The Dago swung round towards him. "Dere is no town," he said calmly.
"No town, no bay, no anyt'ing. I was mad, but now I know."
He spoke evenly enough, and in the lessening light his face was indistinct. But old Dan, for all his thirty and odd years of hard living, had an ear tuned delicately to the trouble of his voice.
"What's all' this?" he demanded shortly. "Who's been tellin' you there ain't no town or anything? Out with it! Who was it?"
"It don't matter," said the Dago. "It was Bill." And briefly, in the same even tones, like those of a man who talks in his sleep, he told the tale of Bill's afternoon's sport.
"Ah, so it was Bill!" said Dan slowly, when the recital was at an end. "Bill, was it? Ye-es. Well, o' course you know that Bill's the biggest liar ever shipped out o' London, where liars is as common as weevils in bread. So you don't want to take no notice of anything Bill says."
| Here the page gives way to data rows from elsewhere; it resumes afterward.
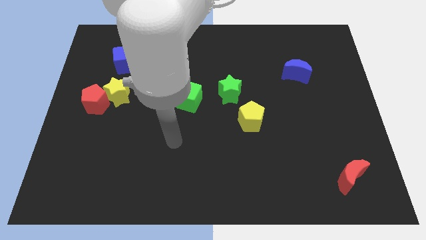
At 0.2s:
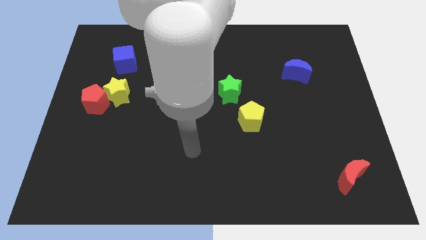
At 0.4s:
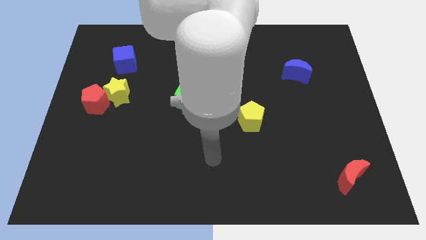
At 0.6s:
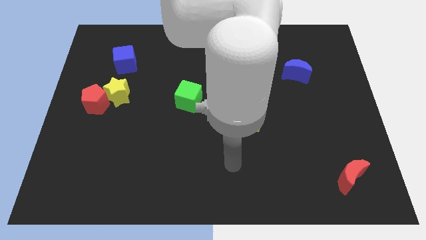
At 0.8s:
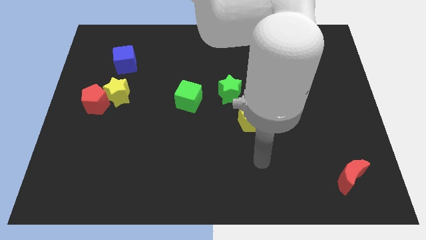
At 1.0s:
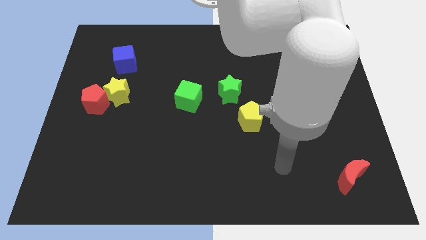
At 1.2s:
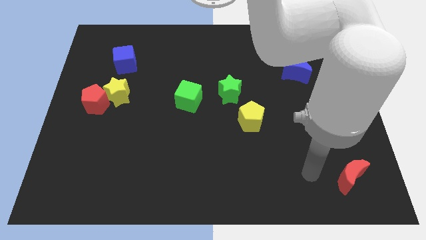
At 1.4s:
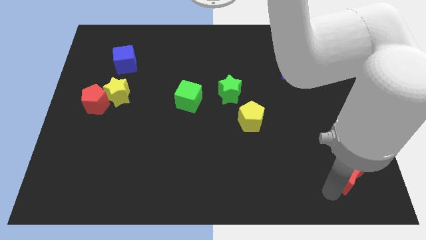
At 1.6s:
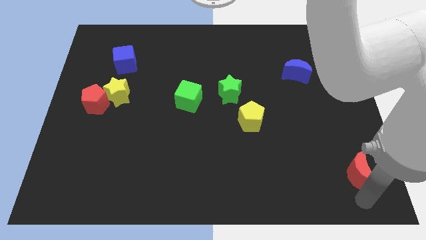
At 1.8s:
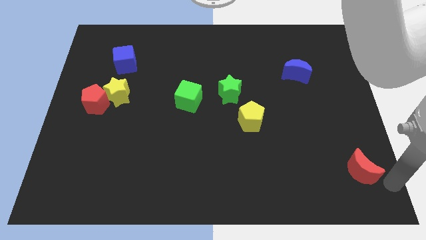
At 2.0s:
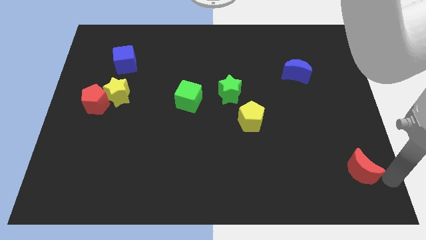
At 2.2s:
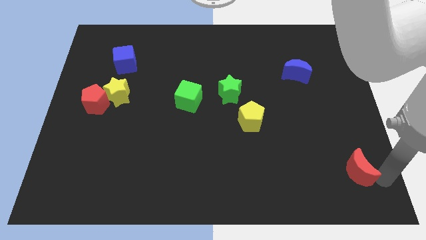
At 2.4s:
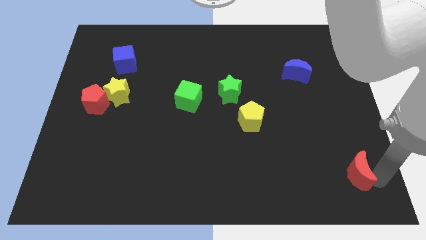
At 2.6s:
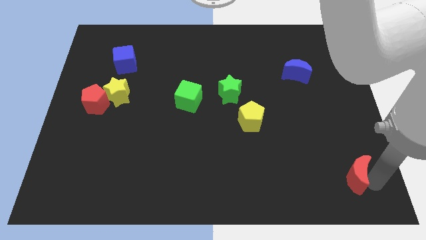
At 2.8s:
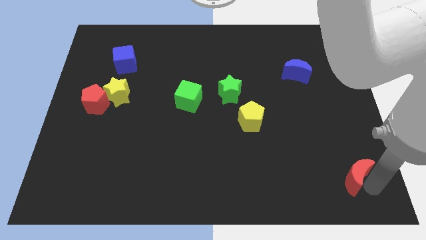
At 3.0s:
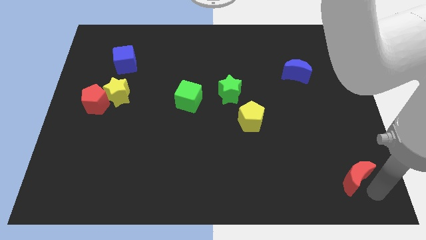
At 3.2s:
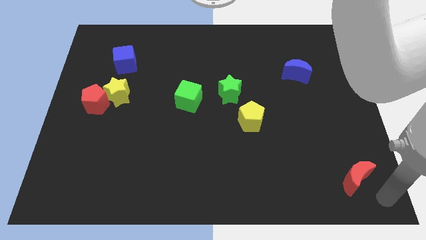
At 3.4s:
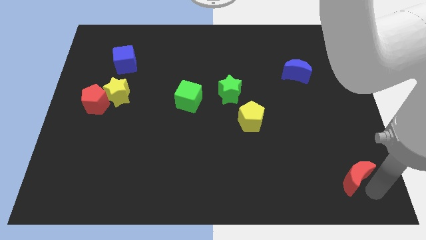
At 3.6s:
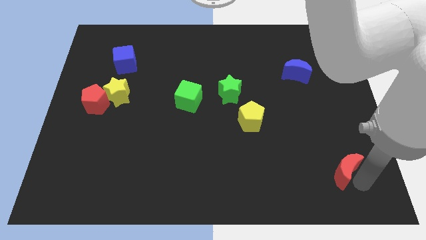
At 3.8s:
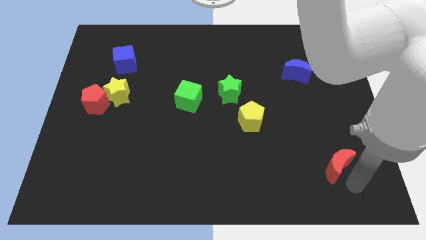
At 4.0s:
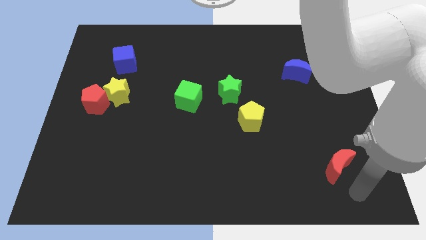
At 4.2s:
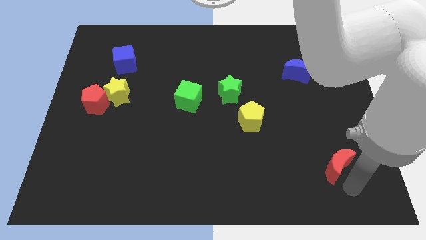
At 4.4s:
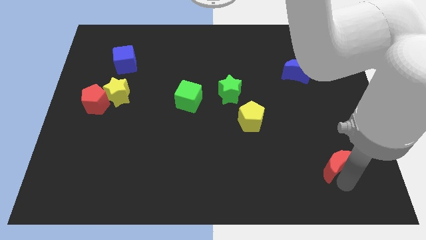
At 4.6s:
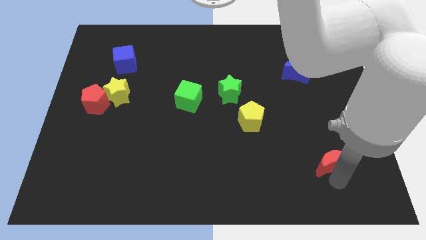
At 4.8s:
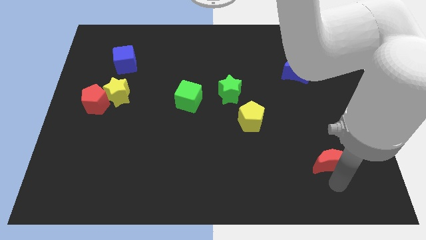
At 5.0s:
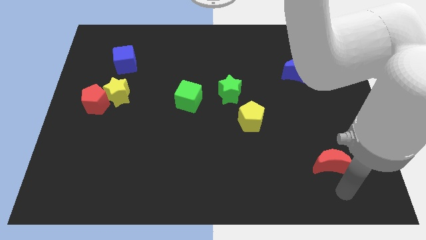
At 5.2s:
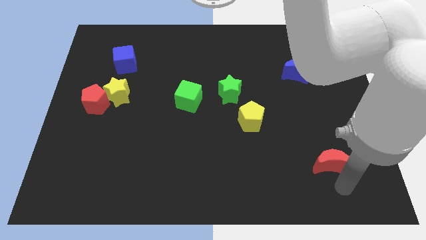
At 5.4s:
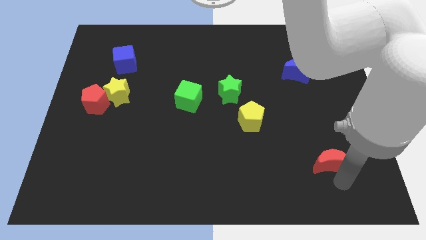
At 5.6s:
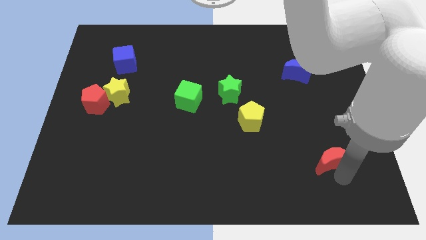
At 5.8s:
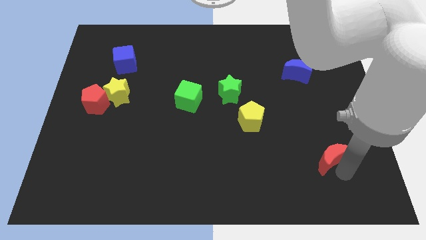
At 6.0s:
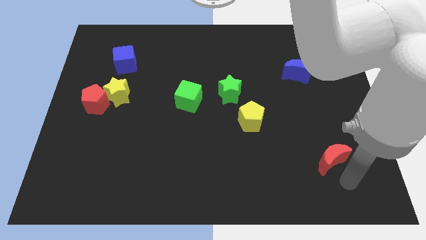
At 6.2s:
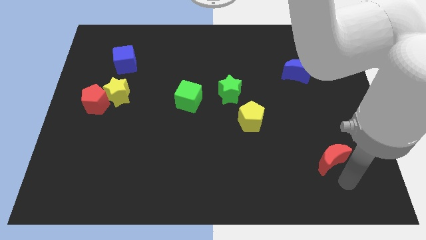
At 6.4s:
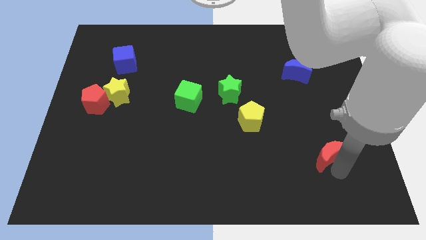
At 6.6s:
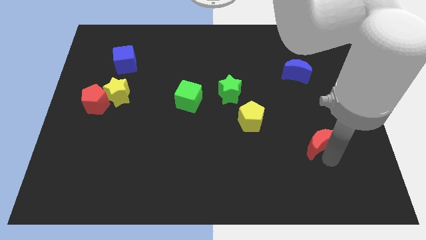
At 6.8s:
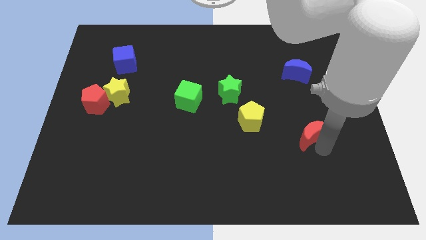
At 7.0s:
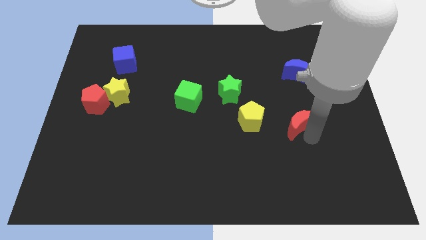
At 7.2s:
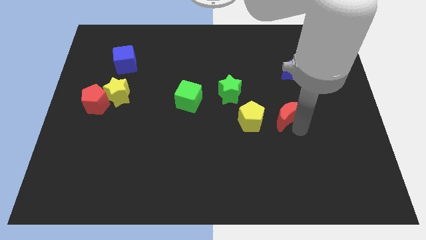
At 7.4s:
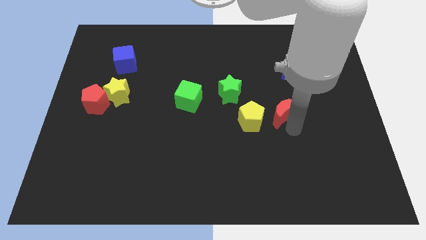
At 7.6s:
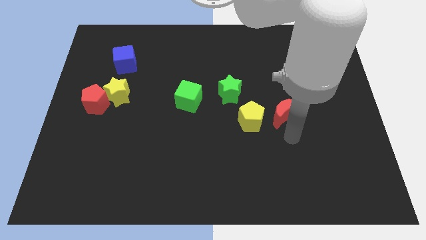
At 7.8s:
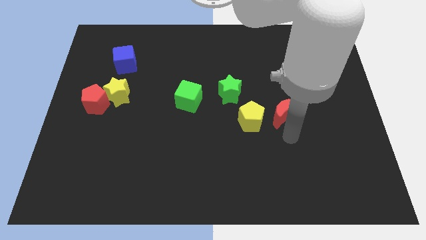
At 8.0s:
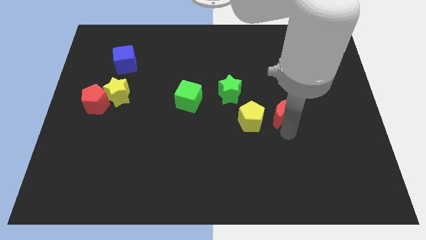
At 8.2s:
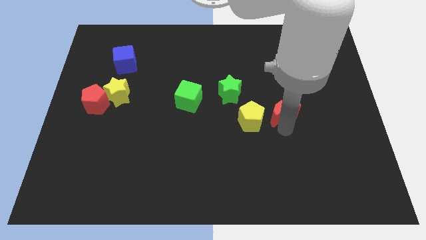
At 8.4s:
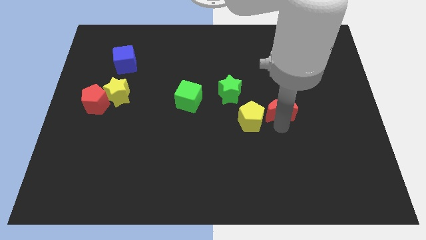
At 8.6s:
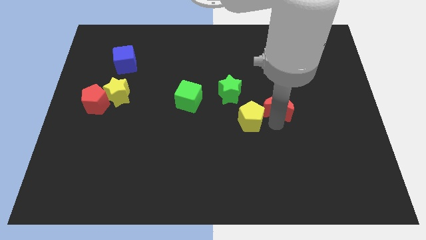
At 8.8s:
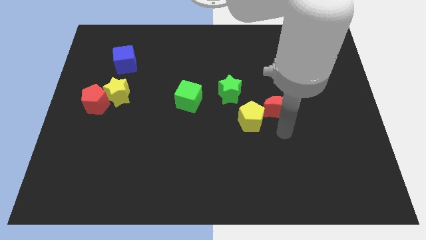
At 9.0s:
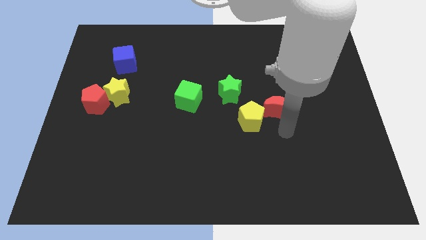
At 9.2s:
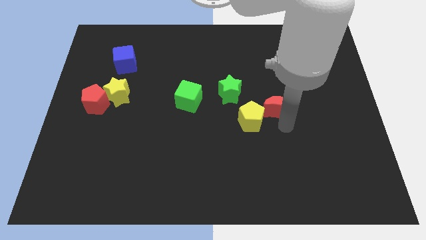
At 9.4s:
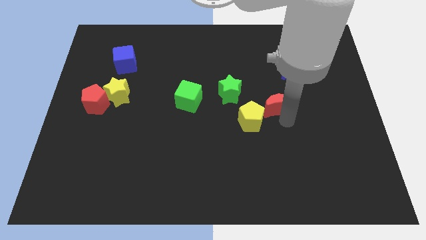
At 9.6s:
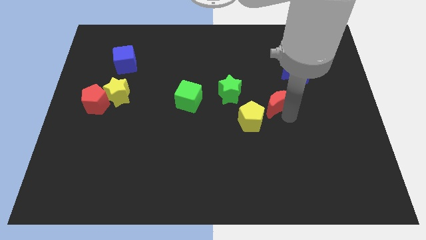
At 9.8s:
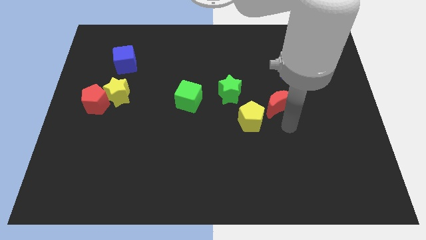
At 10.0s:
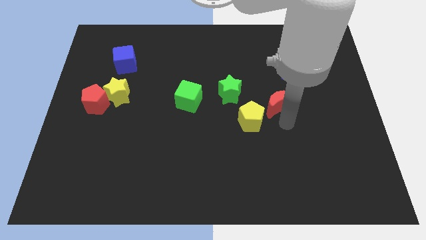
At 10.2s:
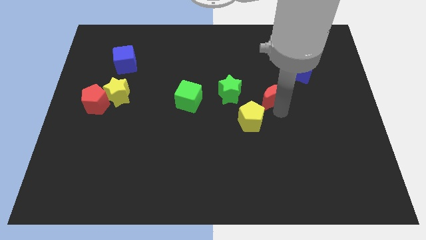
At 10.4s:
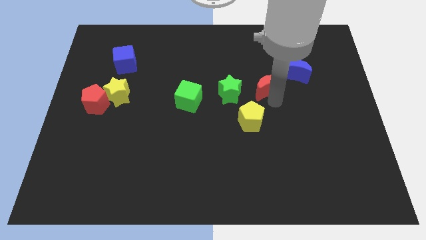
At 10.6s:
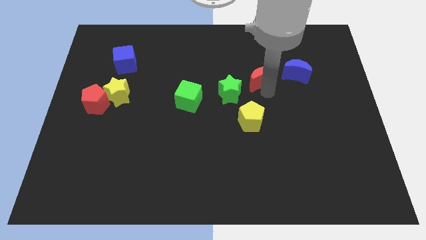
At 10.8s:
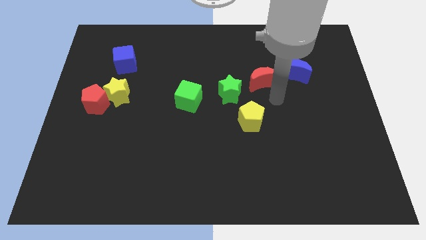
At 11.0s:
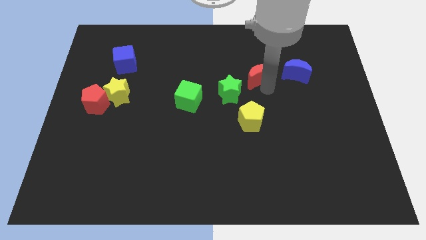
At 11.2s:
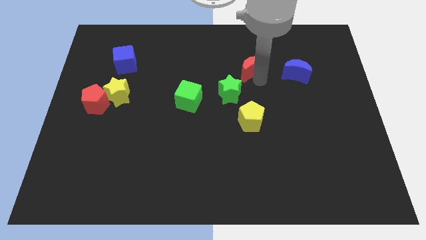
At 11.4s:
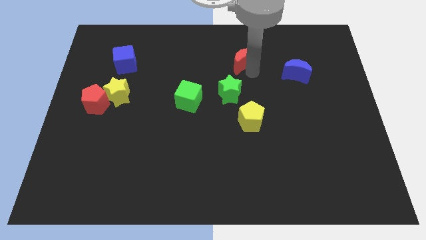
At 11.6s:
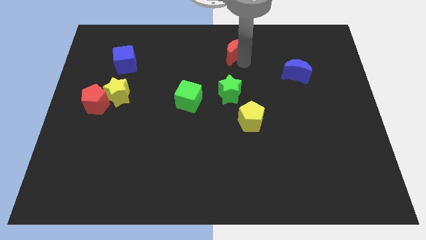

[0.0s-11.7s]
put the red moon to the towards your base

The Dago shook his head. "It is not that," he said. "It is not de first time I 'ave been called mad; and sometimes I have think it myself."
"Oh, go on with ye," urged Dan. "You ain't mad."
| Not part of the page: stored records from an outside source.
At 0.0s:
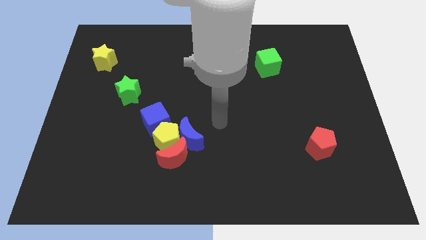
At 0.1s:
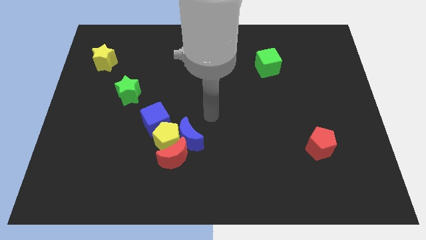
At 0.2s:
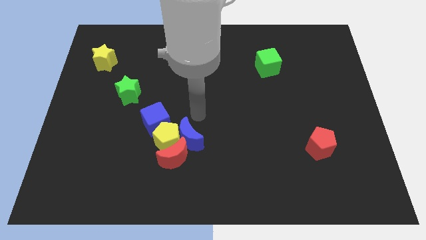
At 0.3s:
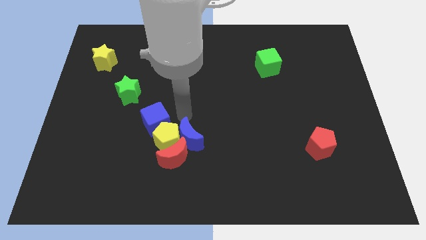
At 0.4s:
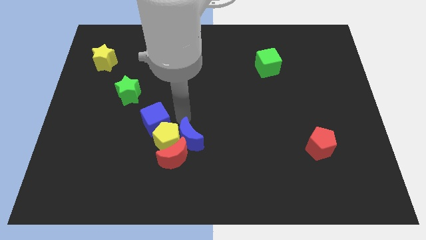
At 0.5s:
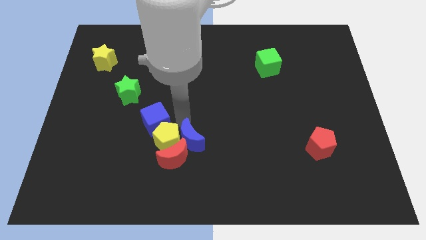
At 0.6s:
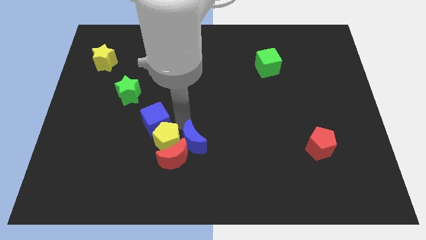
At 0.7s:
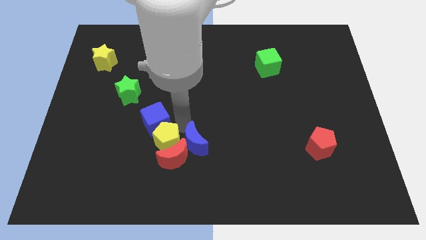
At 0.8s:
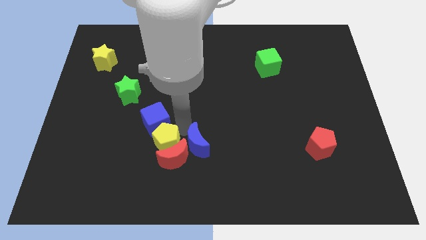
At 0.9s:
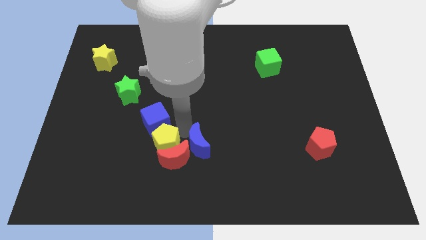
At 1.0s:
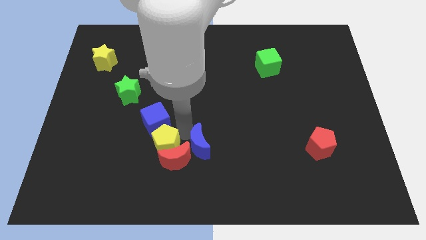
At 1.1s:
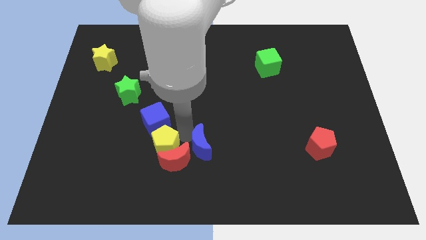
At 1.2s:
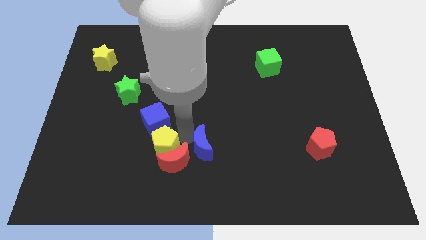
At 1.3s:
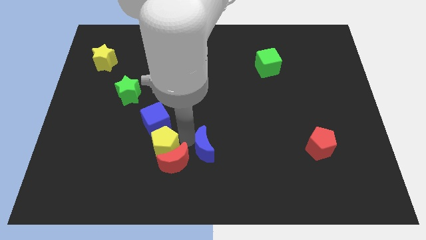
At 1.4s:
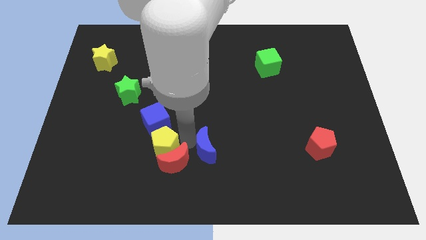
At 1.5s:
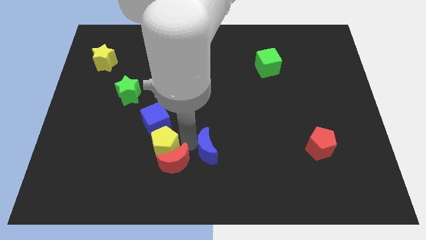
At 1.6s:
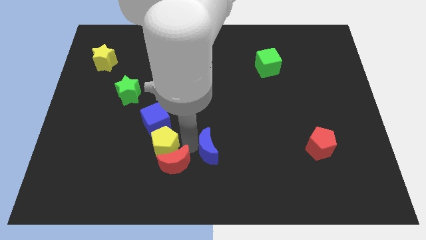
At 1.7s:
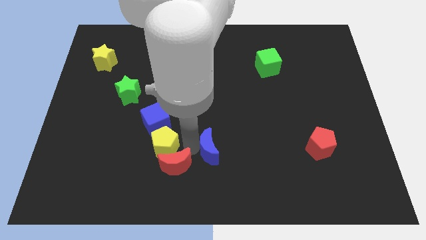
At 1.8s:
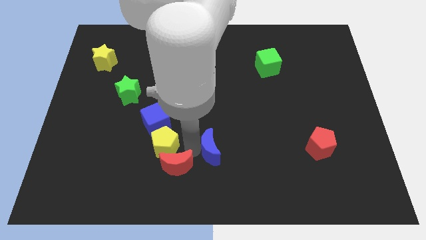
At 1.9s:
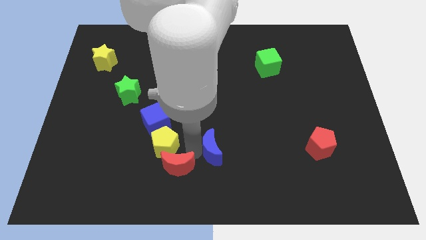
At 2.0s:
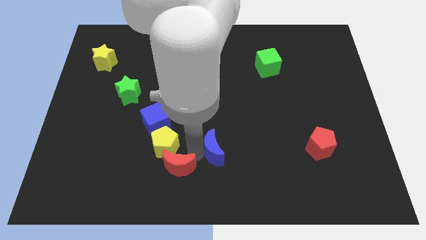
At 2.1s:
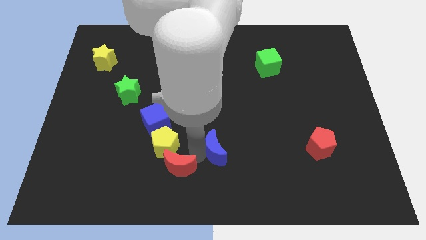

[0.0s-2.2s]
push the blue moon to the bottom side

"T'ree years," went on the Dago in his mournful, subdued voice. "T'ree years I go about an' work, always poor, dirty work, an' got no name, only 'Dago.' I t'ink all de time 'bout my leetle beautiful town; but sometimes I t'ink, too, when I am tired an' people is hard to me: 'It is a dream. De world has no place so good as dat.' What you t'ink, Dan?"
"Oh, I dunno," grunted Dan awkwardly. "Anyhow, there ain't no harm in it. It don't follow a man's mad because he's got fancies."
"Fancies!" repeated the Dago. "Fancies!" He seemed to laugh a little to himself, laughter with no mirth in it.